Note: This snippet uses the expand_urls Liquid filter, which is a custom filter to make URLs absolute in the body of the post since feeds are not rendered on your site, so relative links won’t work. I’m not going to go into detail about it here, but it’s available in my site source, and also available in a varied form in the Octopress platform.

So that’s it for generating our feeds for every category and tag - not too tricky! Next, we need to look at how we do the paged indexes in the paginate method above:

def paginate(site, type, posts)
  pages = Pager.calculate_pages(posts[1], site.config['paginate'].to_i)
  (1..pages).each do |num_page|
    pager = Pager.new(site.config, num_page, posts[1], pages)
    path = "/#{type}/#{posts[0]}"
    if num_page > 1
      path = path + "/page#{num_page}"
    end
    newpage = GroupSubPage.new(site, site.source, path, type, posts[0])
    newpage.pager = pager
    site.pages << newpage

  end
end

class GroupSubPage < Page
	def initialize(site, base, dir, type, val)
	  @site = site
	  @base = base
	  @dir = dir
	  @name = 'index.html'

	  self.process(@name)
	  self.read_yaml(File.join(base, '_layouts'), "group_index.html")
	  self.data[type] = val
	end
end

This is borrowed closely from Keith Marran’s plugin. Basically it does this:

Ask the paging system to count our pages based on the core pagination configuration value.
For each page build a new Pager object and calculate a base path.
For all pages but the base page, append an additional element to the path so we get that pageN in the URL.
All sub-pages will be called “index.html”, and will use the file in the _layouts folder with the name group_index.html (look familiar to the atom stuff?? It should!)

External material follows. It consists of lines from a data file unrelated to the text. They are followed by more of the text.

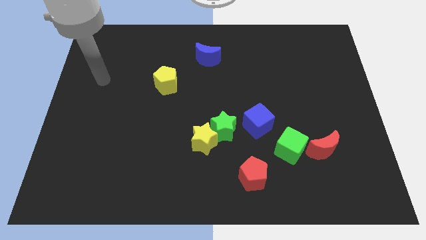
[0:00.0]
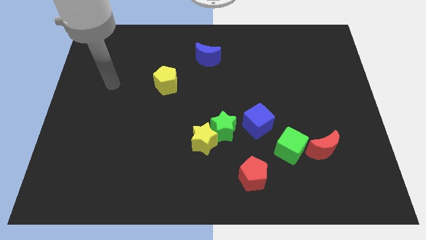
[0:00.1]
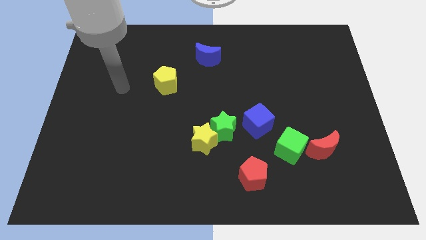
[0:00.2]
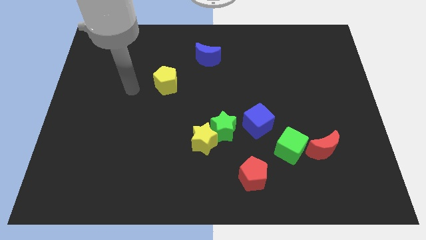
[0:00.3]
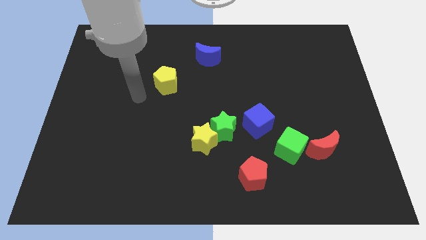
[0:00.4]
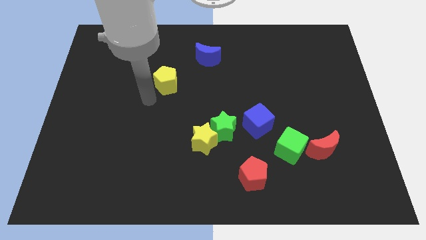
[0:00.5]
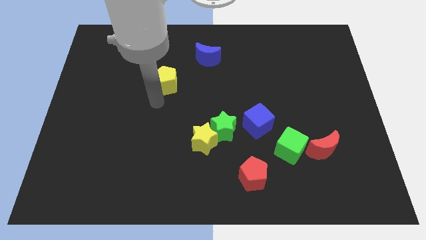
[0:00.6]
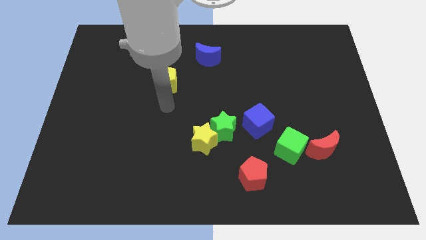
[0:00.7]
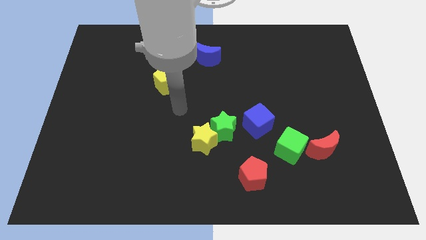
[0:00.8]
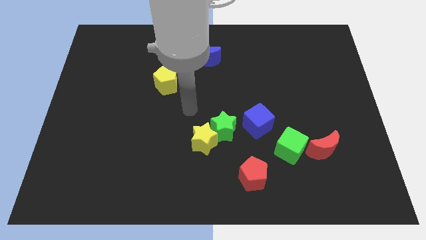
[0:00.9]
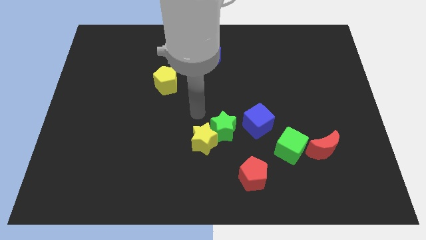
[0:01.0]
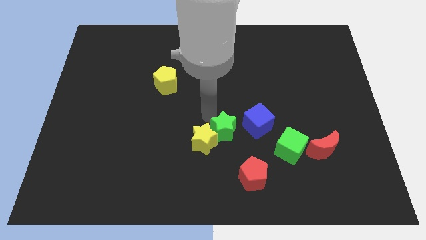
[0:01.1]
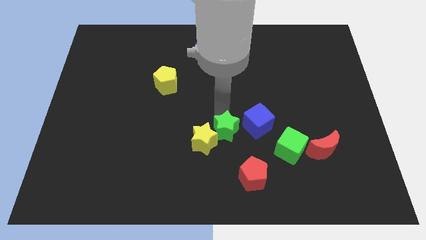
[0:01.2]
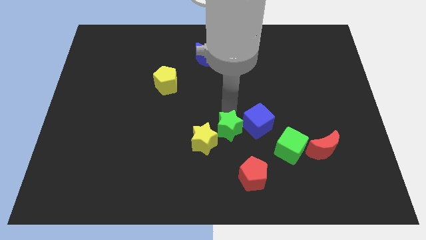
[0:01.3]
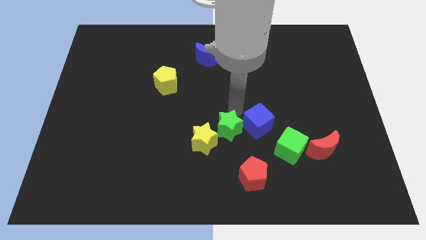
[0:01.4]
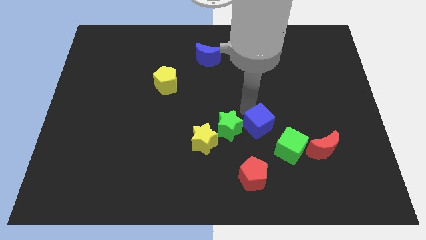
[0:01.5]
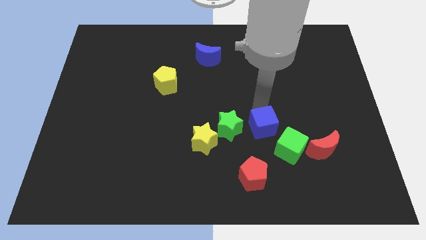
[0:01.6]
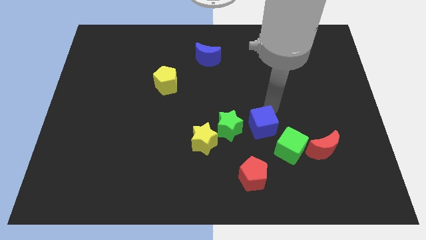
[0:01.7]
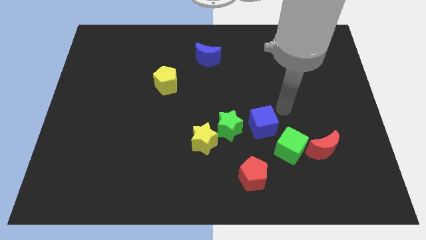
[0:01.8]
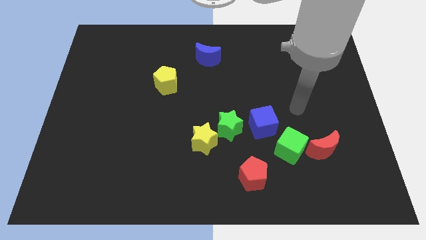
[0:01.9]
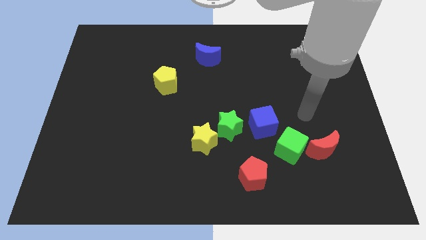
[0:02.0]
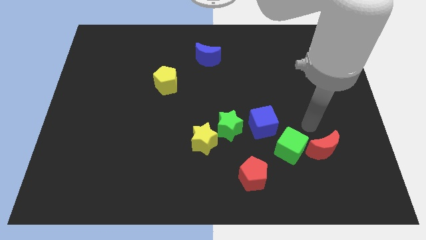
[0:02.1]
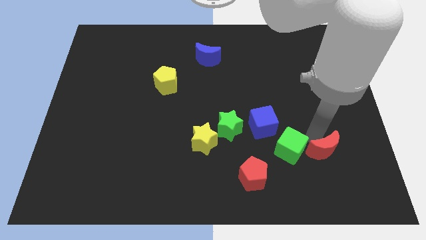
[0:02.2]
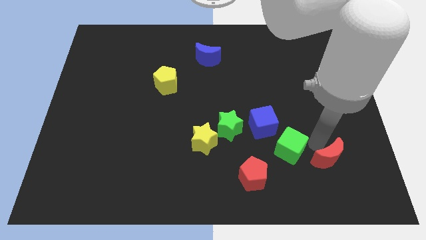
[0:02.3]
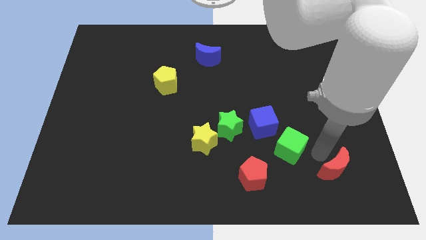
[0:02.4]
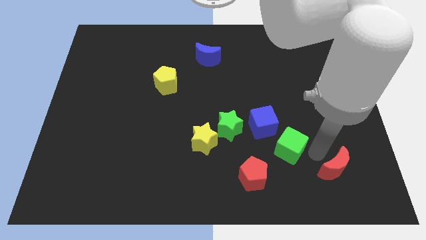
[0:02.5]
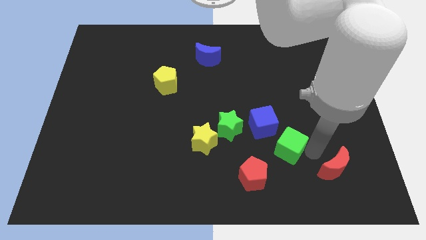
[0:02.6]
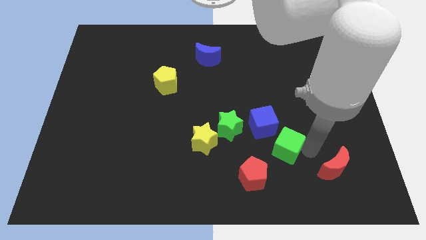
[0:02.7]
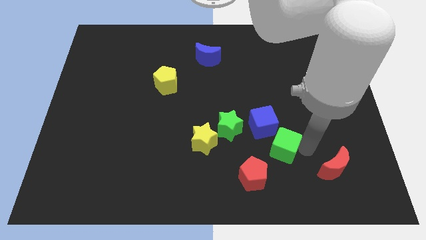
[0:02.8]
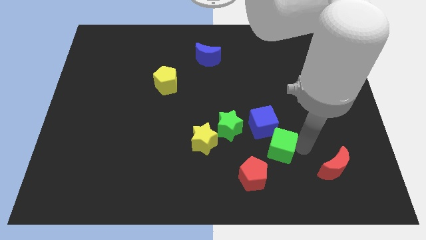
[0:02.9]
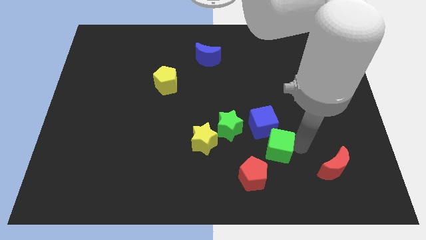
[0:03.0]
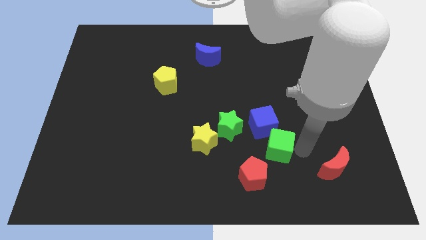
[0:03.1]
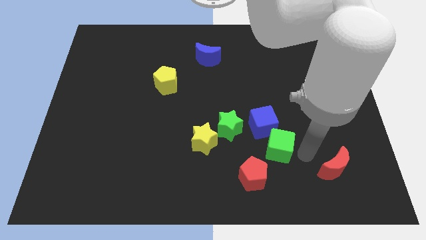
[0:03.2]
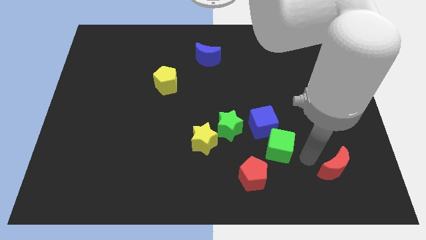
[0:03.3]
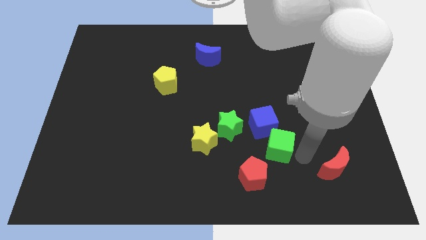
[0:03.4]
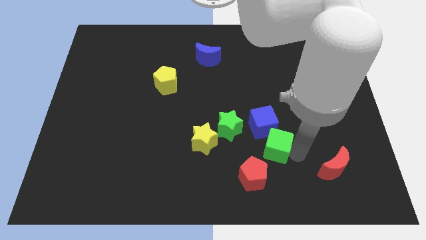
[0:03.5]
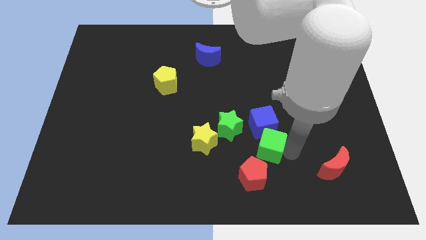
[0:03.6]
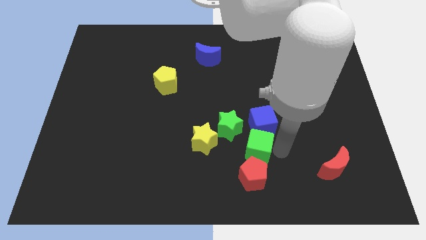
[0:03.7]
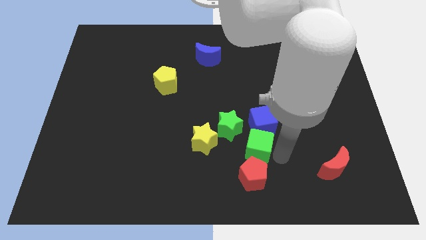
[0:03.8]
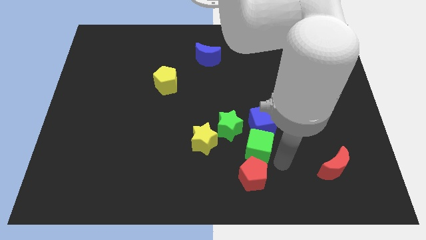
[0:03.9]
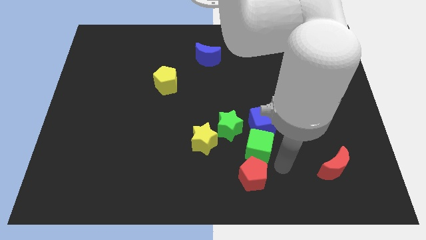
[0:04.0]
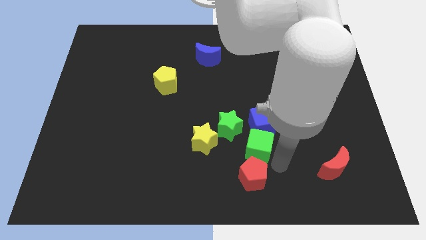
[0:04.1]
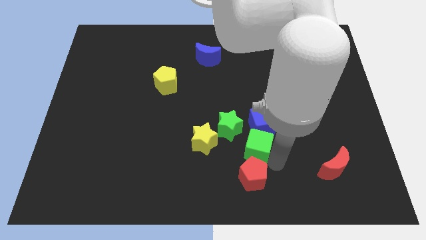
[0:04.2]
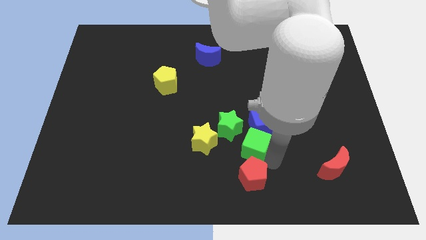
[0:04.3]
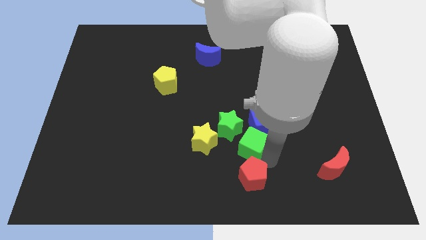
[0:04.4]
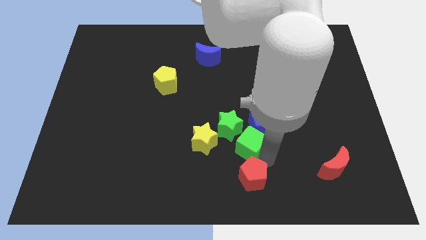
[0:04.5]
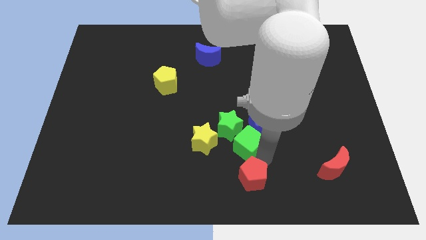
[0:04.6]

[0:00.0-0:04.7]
move the green cube next to the green star

I won’t bore you with a full wall of HTML for my article list, but here are the relevant bits for doing the output in group_index.html.

{% raw %}
{% if page.grouptype == 'tag' %}
 <!-- Print tag title here -->
{% elsif page.grouptype == 'category' %}
 <!-- Print category title here -->
{% endif %}

{% for post in paginator.posts %}
  <!-- Print post entry short stuff -->
{% endfor %}

{% if paginator.next_page %}
  <!-- Render next page link -->
{% endif %}

{% if paginator.previous_page %}
  <!-- Render previous page link -->
{% endif %}

{% endraw %}

If you’re familiar with doing a normal paginated index in Jekyll this should look pretty familiar; all of the mechanics are identical at the Liquid+HTML level.

That’s about it for the custom page generation. Not too bad!

If you’d like to see the implementation I use on my actual size, you can see it over on GitHub here: RealJenius.com - cat_and_tag_generator.rb.